I do bad things but I don't undo them. I relive them. I find them in the middle of a dream I'm having where underwear models find me irrestible. That frog I killed for funsies when I was kid is still floating by me in the creek--and I still feel the moment I killed it and knew that was truly a wastrel horrible thing to do. There are things I consider worse, and too personal to confess, but trust that none of that has left me. These are the quarters with which righteousness is pulling the lever on the one-armed bandit that is dedicated to making me suffer for my awfulness. Today is simply a three cherry day in the casino.

Do we suffer as a result of what we've done? Of course we do--just as we exult from the results of what seems good and true and honest  within ourselves. The awful truth that guides both missles to their target is that these armaments are home-grown, from the same factory, and equally misguided. To do well in the world should be an unconscious act, one that simply grows from the goodness of one's soul, intentions, outlook upon the equality and dignity of others. To do evil is to simply place the self above the good of all other components, no matter the argument against that act. To exult in the first is to indulge the outer limits of the second. To wallow in the second is to ignore the impulse to improve that is provided by the first.

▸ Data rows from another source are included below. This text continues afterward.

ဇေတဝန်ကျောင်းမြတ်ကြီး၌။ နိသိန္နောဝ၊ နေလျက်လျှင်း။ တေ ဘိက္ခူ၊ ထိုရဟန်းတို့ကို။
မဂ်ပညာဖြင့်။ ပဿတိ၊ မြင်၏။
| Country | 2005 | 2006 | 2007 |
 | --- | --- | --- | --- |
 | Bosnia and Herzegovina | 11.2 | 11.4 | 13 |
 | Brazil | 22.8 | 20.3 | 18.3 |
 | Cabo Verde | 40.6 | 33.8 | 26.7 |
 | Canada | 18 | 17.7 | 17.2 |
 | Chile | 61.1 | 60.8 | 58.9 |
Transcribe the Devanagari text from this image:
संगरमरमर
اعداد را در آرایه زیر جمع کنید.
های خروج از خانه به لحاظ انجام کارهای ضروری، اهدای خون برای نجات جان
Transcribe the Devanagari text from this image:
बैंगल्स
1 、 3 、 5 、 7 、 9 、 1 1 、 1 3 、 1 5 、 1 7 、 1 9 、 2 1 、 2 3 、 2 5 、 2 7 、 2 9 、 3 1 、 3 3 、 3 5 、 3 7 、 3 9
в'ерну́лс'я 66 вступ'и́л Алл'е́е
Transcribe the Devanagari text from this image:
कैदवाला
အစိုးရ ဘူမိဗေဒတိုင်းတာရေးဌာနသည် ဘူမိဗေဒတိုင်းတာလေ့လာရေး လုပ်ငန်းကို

To refuse to see that biology is guiding the real missle through the system is as sinful as being willfully stupid to the suffering of others. That cancer is the enemy, not the self, not that self's history. Any time the acorn of hope is overcome by the noise of the doubt is a moment of evil--the true fight is the effect of higher thinking, beauty and love against the machinations and grind of pure unthinking physical biology and chemistry. The universe within doesn't hate anyone, but it can be highjacked to produce some ugly results. That's what's making my mouth hurt right now, not the fact that I was an asshole to Susie Kemery in elementary school.

Myth though is powerful--and why shouldn't it be? It has a story, a history, place, character, and like the best of fiction, a plot, a motive, a raison d'expliquer. It offers a bit of dignity to one's worst impulses to dress them in these ancient robes, to participate in a Greek drama where chorus, protagonist and villain are economically cast from one actor. Someone recently asked me to remember him--I'm very unlikely to forget. I'm still spouting lines from the play that was written when I had sex for the first time, and I'm still wondering how much pain I've got left to pay for the lies I told my parents. I wonder when the real ball will drop on my head from the 90's--I pulled a lot of shit in that decade. My psyche is writing the torture monologue from these more recent remembrances as we speak.